PROBLEM REQUIREMENTS => In the data that follows, find the line containing "The camera travels"; then quote that line and every line after it, exactly, through the last one.

INFORMATION PROVIDED =>
::::

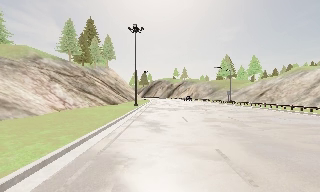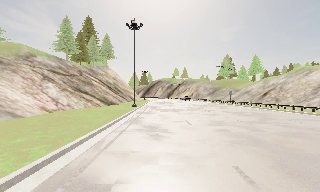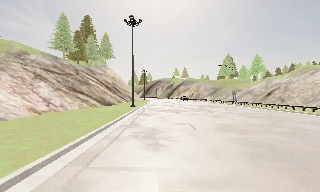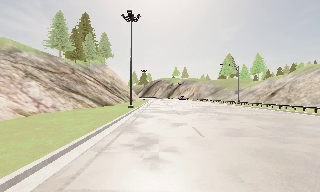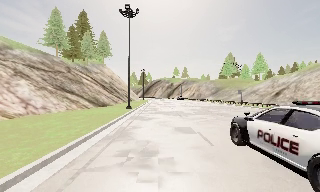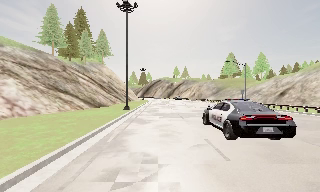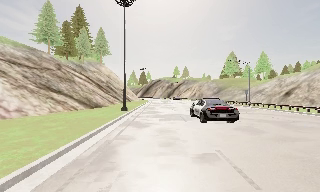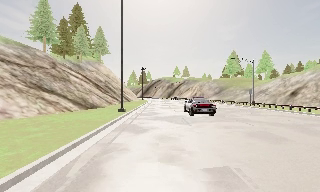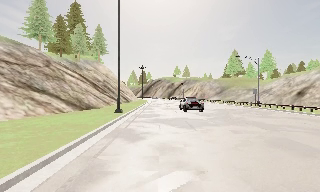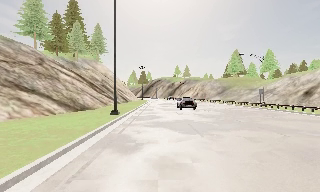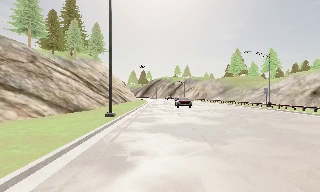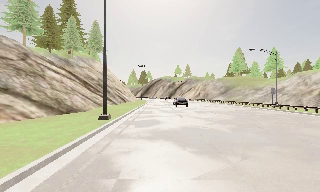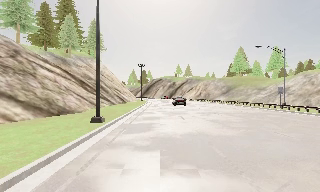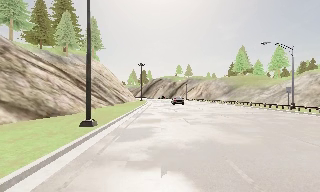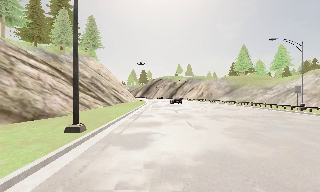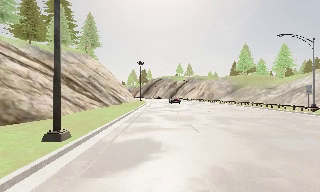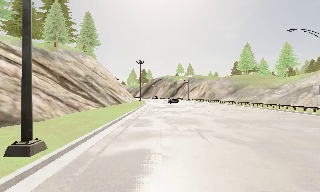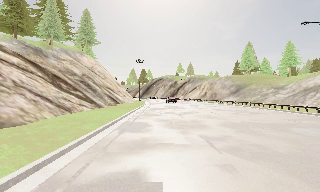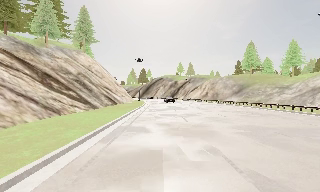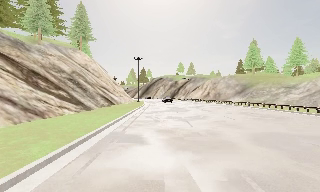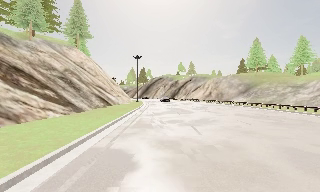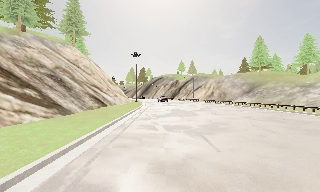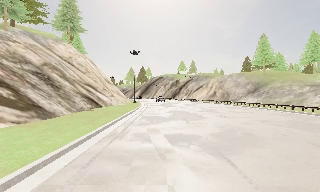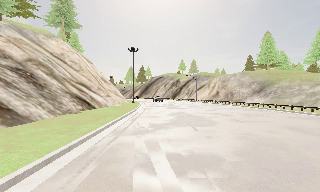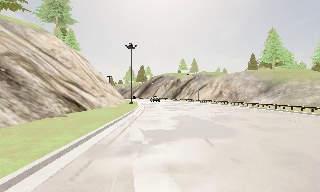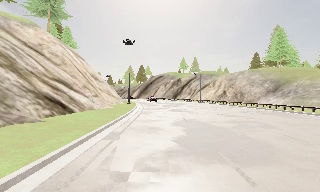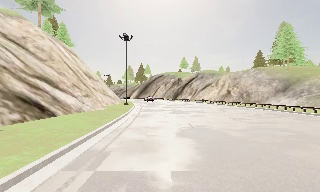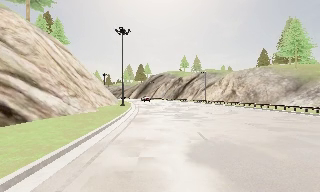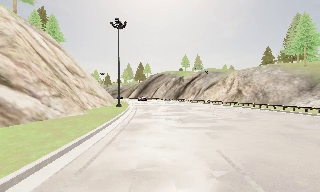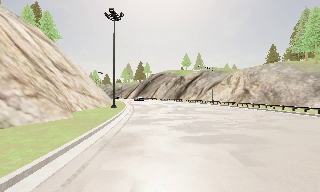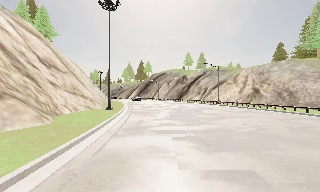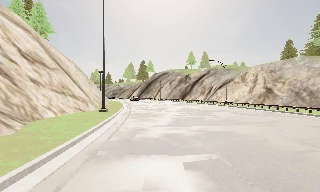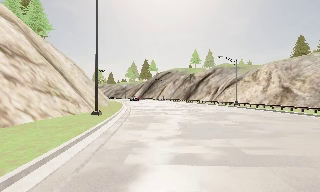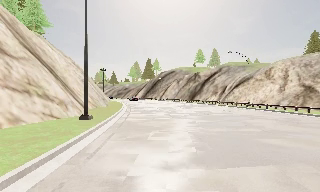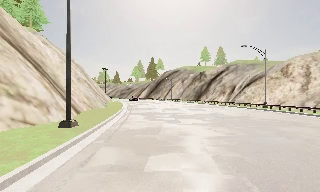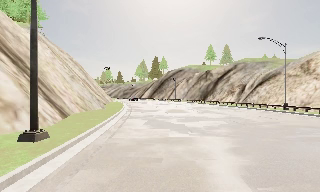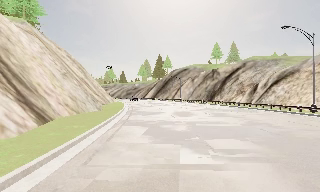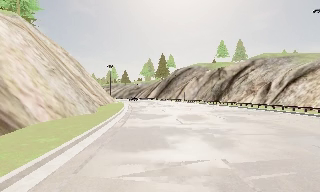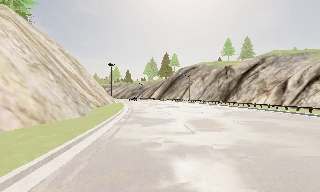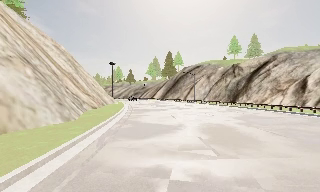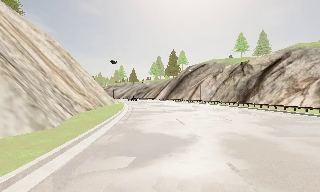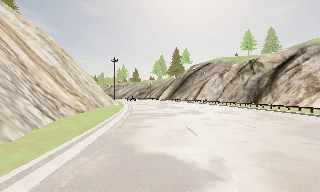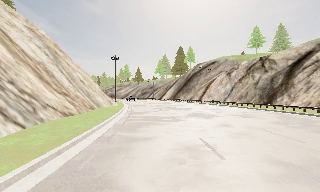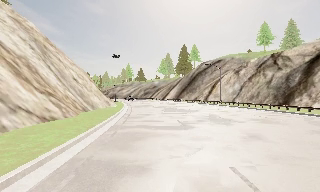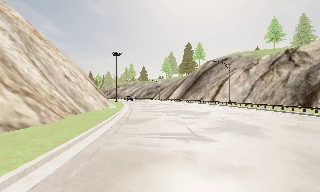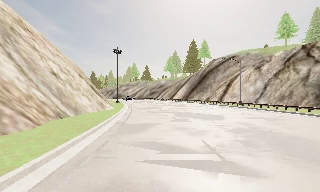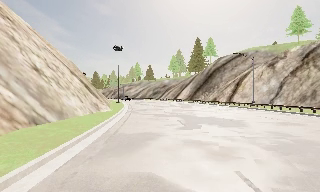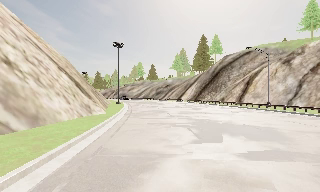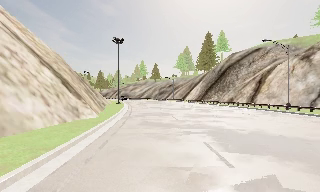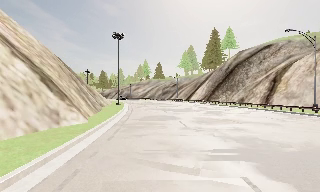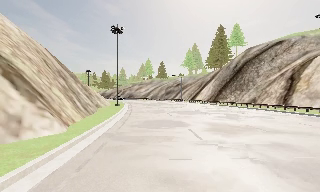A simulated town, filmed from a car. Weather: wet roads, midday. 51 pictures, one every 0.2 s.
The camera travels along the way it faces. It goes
forward.
0.0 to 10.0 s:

::::

EXERCISE ANSWER =>
The camera travels along the way it faces. It goes
forward.
0.0 to 10.0 s:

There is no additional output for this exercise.